Fresh Clear Eyes
In Buddhist meditation there is a lot of formal practice, often tedious and frequently painful. In the same way an athlete will excercise so too does a Buddhist spend time on their cushion each day. The athlete trains so that at the time of their event they can perform well. I trained so that I could be aware of the process of the mind creating opinions, judgements, stories.
Why did I spend six years training to be aware of the process of the mind? So I could be free of the unhelpful habits of my mind that (according to Buddha) are the cause of all misery.
I’ve moved away from formal Buddhist meditation but the training is still there. And every now and then it kicks in spontaneously. I will be fuming with anger about someone and then I suddenly realise I am furious not because of them but because of an opinion I was holding onto about them. In the absence of that opinion I don’t have a problem. By seeing the process one can step outside it – if that’s what you choose. Not everyone wishes to.
Even the old decaying concrete walls and piles of rubbish looked fresh and new. I suppose that’s what happens when I have fresh, clear eyes.
The Ganga River in Rishikesh
So I was in Rishikesh, India, and having a moment by the Ganga River. There was water, sunlight, buildings, rocks. There was no script, no story. Just the river and sunshine and my breathing. And I was aware of this moment and accepting of it.
I’d stepped out of the usual mental process for a moment. The next step is to not be sucked back into that usual mental process by automatically filling that space. And a part of me wanted to fill the space, fill it by fixating on something – sensations, memories or plans, it almost doesn’t matter what. Possibilities arose – I could dwell on the mundane (my bum is sore, i should get up and walk); to the sensory (i could eat those mangoes in my bag, they’d taste delicious right now); to the sensual (I wonder if she’d go to bed with me?); to the transcendental (it would be so cool to be enlightened!).
And the automatic response is to choose an option and become immersed in the drama! To go with a thought and weave a whole vivid and compelling story about this imagined future! One story might be “If I walk where will I go? What will I do?”. Or how about some minor pride over my purchase of mangoes, encouraging myself what a seasoned traveller I am? Erotic daydreams are another great way to avoid investigating the mental process that I find so difficult to step out of. And of course speculating on enlightenment is an ancient method for avoiding the cost of attaining enlightenment.
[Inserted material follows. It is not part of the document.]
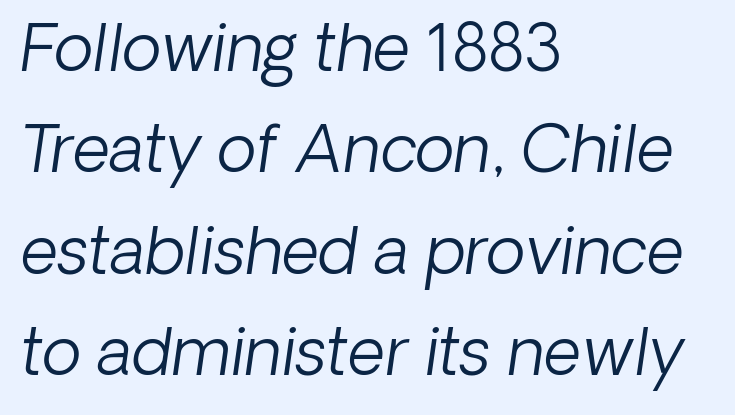
Is the block centered? No — it sits flush against the left margin. Honestly, the letter spacing is just normal — you wouldn't notice it. The glyphs are unaccompanied by any horizontal stroke below them. It's the slanting kind of type. On a weight scale, this lands at 450 or below. These lines are rendered in a variable-pitch font.

The complicated process of creating a reality to struggle agains
But in that moment the busy chatter of the mind became another part of the moment, just like the river and the sunlight. All those hours of meditation sent practicing a habit coming to blossom in a moment of spontaneous letting go.
This was a moment when i observed the habit arising in the mind and i side stepped it – let it go. There was a vivid sense of something bustling and writhing, looking to feed itself, looking to grow. Like a virus, wanting to hijack my energy, control me.
In that moment it was possible to stop the mental-virus before it gained momentum. And the resulting space in the mind was open to having an experience: the sound of the river; the pattern of leaves against the sky; the feeling of warm, rough concrete against my back.
There was no need for words. There was no need to do anything. It was enough to experience without comment, without judgement, without reaction. The Ganga’s waters made patterns of green and white as the rafters bobbed over the rapids, falling up and down with crazy turbulence as the river roared on, vast and inhuman. I actually saw the river: it was pure energy expressing itself as water. The buildings on the opposite shore amidst the trees and bushes looked as if they had popped into existence in that moment. Everything looked as if it had just appeared. Even the old decaying concrete walls and piles of rubbish looked fresh and new. I suppose that’s what happens when I have fresh, clear eyes.
Space, the only frontier
Space. When I made that decision to not go with the habit of the busy mind there was a lot of space – in the absence of mental clutter the mind has an openness that can welcome and enjoy anything.
I look up and hear Rishikesh. Vividly. See it, smell it. Scooters dodging cow shit and holy men dozing by the side of the road, their beards and dreadlocks intricate patterns of follicles. There are children playing on the river sands, their bright red and green clothes flash like parrots in flight as the kids cry out and chase each other, with the adults walking slowly along after them, barefoot and benign.